• Dataset entries:
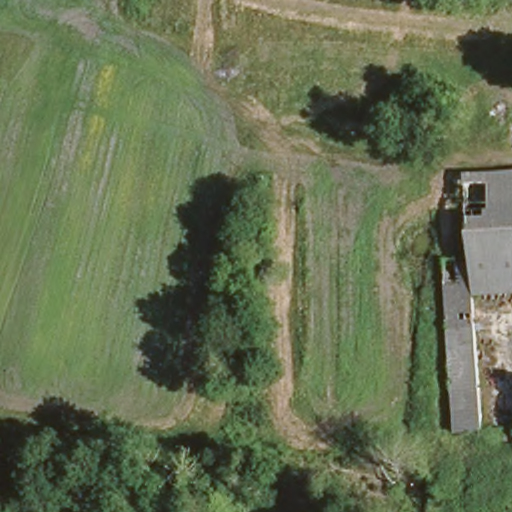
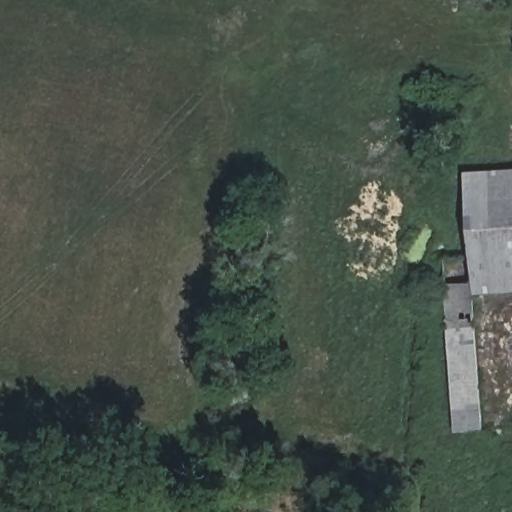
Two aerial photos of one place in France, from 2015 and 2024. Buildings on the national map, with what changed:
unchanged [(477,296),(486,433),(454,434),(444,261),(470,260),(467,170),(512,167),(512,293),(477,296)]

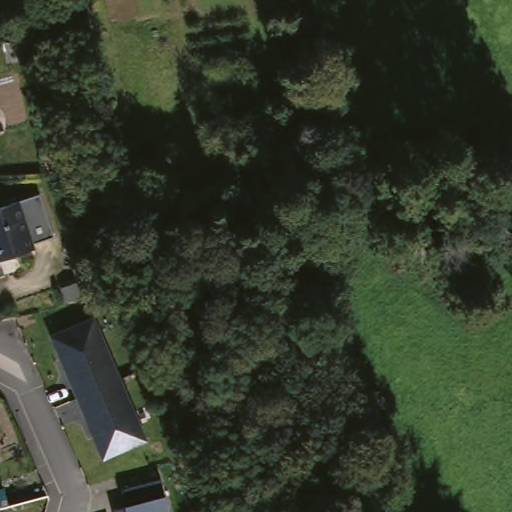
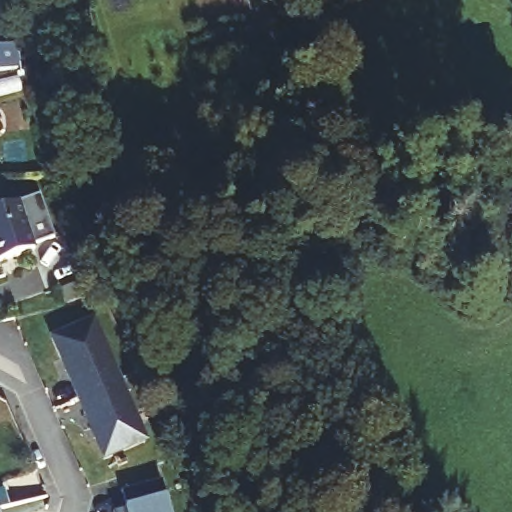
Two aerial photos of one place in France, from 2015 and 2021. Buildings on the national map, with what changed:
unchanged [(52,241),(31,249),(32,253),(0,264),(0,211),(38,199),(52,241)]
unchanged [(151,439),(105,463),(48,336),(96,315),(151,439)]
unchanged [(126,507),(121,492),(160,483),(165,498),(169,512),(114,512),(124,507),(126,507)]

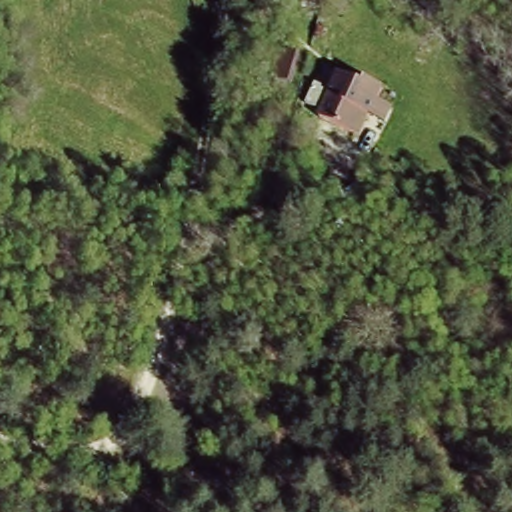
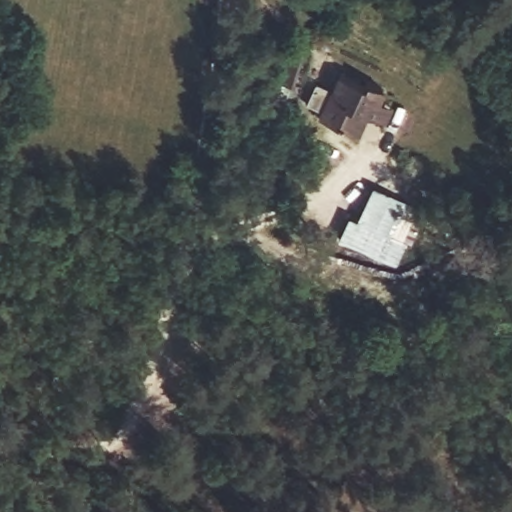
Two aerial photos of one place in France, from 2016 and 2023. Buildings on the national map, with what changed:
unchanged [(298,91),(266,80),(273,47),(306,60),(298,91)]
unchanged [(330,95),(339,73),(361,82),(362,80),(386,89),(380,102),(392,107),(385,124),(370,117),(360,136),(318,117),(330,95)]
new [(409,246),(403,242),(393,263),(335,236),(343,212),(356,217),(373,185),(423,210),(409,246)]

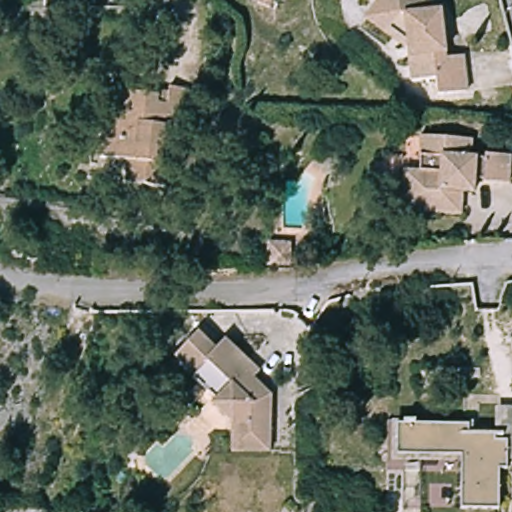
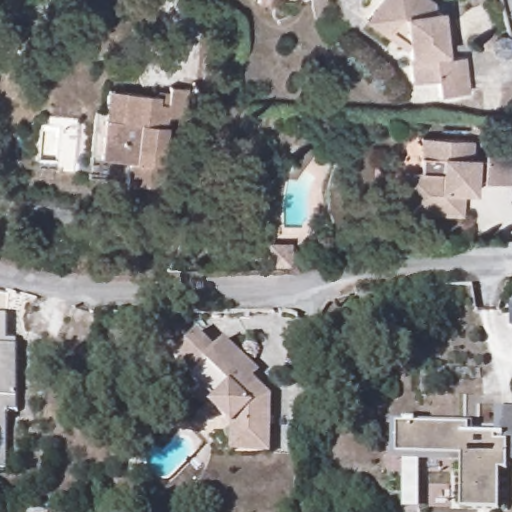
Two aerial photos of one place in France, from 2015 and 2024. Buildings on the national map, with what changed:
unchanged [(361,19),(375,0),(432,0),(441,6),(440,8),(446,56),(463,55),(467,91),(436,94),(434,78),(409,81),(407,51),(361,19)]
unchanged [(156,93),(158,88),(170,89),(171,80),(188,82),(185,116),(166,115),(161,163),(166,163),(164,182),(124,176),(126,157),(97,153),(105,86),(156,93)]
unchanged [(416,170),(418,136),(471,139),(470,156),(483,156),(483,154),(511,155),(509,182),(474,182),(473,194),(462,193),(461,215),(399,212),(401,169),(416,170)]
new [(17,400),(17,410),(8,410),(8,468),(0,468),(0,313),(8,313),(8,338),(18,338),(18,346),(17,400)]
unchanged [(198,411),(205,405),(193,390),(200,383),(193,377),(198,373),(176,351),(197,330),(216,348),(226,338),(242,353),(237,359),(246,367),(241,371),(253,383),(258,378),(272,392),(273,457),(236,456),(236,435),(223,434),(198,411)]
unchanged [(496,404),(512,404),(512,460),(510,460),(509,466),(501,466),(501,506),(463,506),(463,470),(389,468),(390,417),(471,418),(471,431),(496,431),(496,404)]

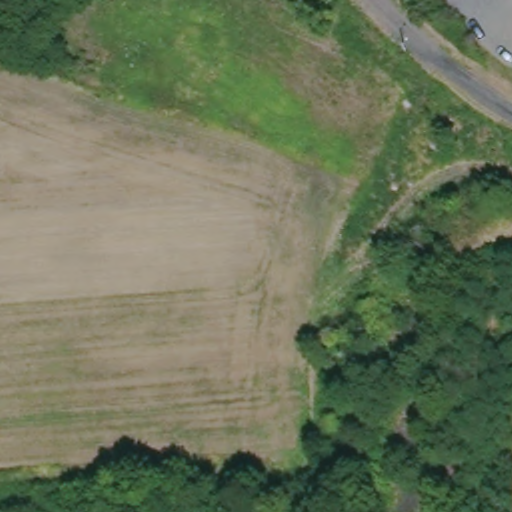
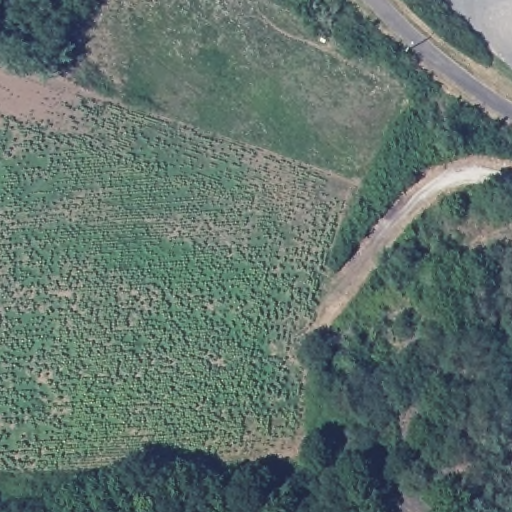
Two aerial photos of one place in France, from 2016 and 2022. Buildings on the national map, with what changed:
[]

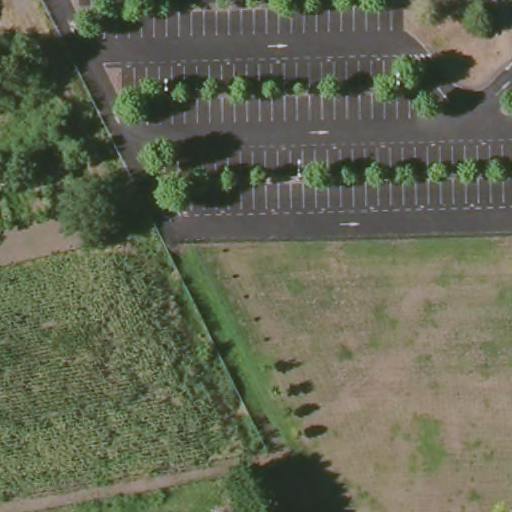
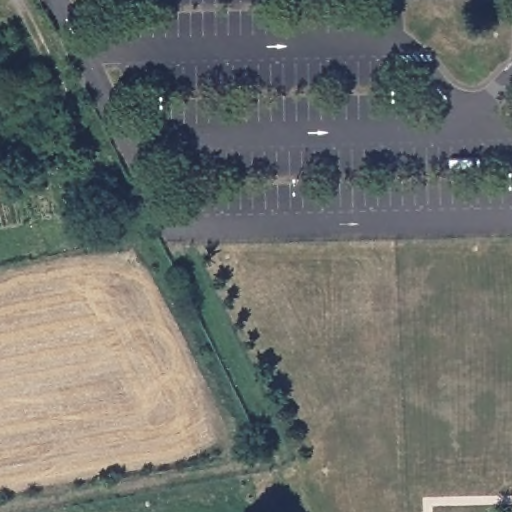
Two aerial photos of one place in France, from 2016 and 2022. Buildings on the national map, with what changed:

• About this exercise: The answer is the listing above restated word for word, pictures removed.

• Your solution:
Two aerial photos of one place in France, from 2015 and 2024. Buildings on the national map, with what changed:
unchanged [(477,296),(486,433),(454,434),(444,261),(470,260),(467,170),(512,167),(512,293),(477,296)]

Two aerial photos of one place in France, from 2015 and 2021. Buildings on the national map, with what changed:
unchanged [(52,241),(31,249),(32,253),(0,264),(0,211),(38,199),(52,241)]
unchanged [(151,439),(105,463),(48,336),(96,315),(151,439)]
unchanged [(126,507),(121,492),(160,483),(165,498),(169,512),(114,512),(124,507),(126,507)]

Two aerial photos of one place in France, from 2016 and 2023. Buildings on the national map, with what changed:
unchanged [(298,91),(266,80),(273,47),(306,60),(298,91)]
unchanged [(330,95),(339,73),(361,82),(362,80),(386,89),(380,102),(392,107),(385,124),(370,117),(360,136),(318,117),(330,95)]
new [(409,246),(403,242),(393,263),(335,236),(343,212),(356,217),(373,185),(423,210),(409,246)]

Two aerial photos of one place in France, from 2015 and 2024. Buildings on the national map, with what changed:
unchanged [(361,19),(375,0),(432,0),(441,6),(440,8),(446,56),(463,55),(467,91),(436,94),(434,78),(409,81),(407,51),(361,19)]
unchanged [(156,93),(158,88),(170,89),(171,80),(188,82),(185,116),(166,115),(161,163),(166,163),(164,182),(124,176),(126,157),(97,153),(105,86),(156,93)]
unchanged [(416,170),(418,136),(471,139),(470,156),(483,156),(483,154),(511,155),(509,182),(474,182),(473,194),(462,193),(461,215),(399,212),(401,169),(416,170)]
new [(17,400),(17,410),(8,410),(8,468),(0,468),(0,313),(8,313),(8,338),(18,338),(18,346),(17,400)]
unchanged [(198,411),(205,405),(193,390),(200,383),(193,377),(198,373),(176,351),(197,330),(216,348),(226,338),(242,353),(237,359),(246,367),(241,371),(253,383),(258,378),(272,392),(273,457),(236,456),(236,435),(223,434),(198,411)]
unchanged [(496,404),(512,404),(512,460),(510,460),(509,466),(501,466),(501,506),(463,506),(463,470),(389,468),(390,417),(471,418),(471,431),(496,431),(496,404)]

Two aerial photos of one place in France, from 2016 and 2022. Buildings on the national map, with what changed:
[]

Two aerial photos of one place in France, from 2016 and 2022. Buildings on the national map, with what changed:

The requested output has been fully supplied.